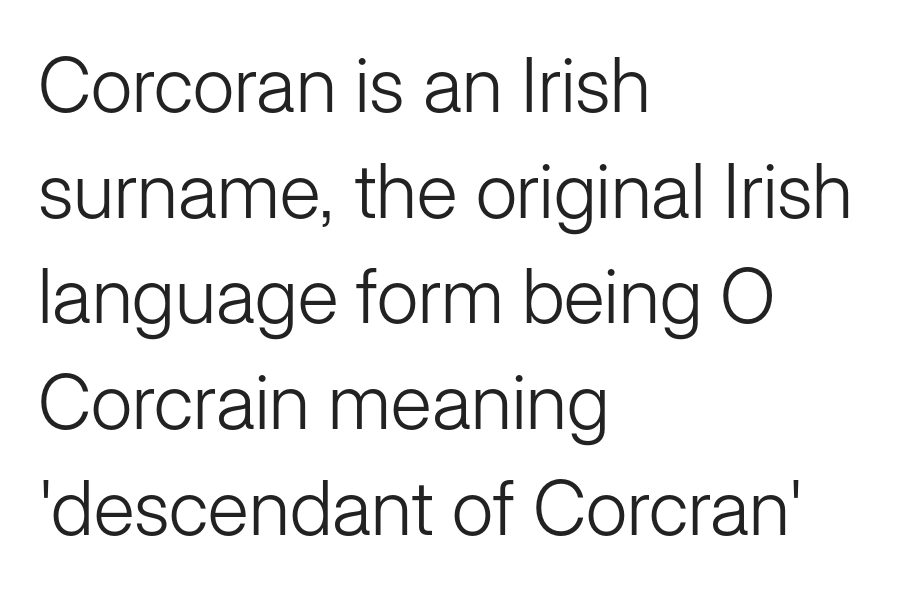
Q: Is the text bold? A: No.
Q: Is the text italic (slanted)? A: No, it is upright.
Q: Is the typeface a serif or a sans-serif typeface? A: Sans-serif.
Q: Is the text underlined? A: No.
Q: How is the paragraph aligned? A: Left-aligned.
Q: Is the spacing between letters normal or unusually wide? A: Normal.
Q: Is the spacing between lines tight, normal or loose? A: Normal.
Q: Width (condensed, normal, or wide)? A: Normal.
Q: Stroke contrast? A: Low.
Q: x-height? A: Medium.
Q: Monospaced? A: No.

####################

### EXERCISE GOAL
The answer consists solely of the lines from the one containing "Q: How is the" through the last line of the data above, reproduced exactly.

### EXERCISE OUTPUT
Q: How is the paragraph aligned? A: Left-aligned.
Q: Is the spacing between letters normal or unusually wide? A: Normal.
Q: Is the spacing between lines tight, normal or loose? A: Normal.
Q: Width (condensed, normal, or wide)? A: Normal.
Q: Stroke contrast? A: Low.
Q: x-height? A: Medium.
Q: Monospaced? A: No.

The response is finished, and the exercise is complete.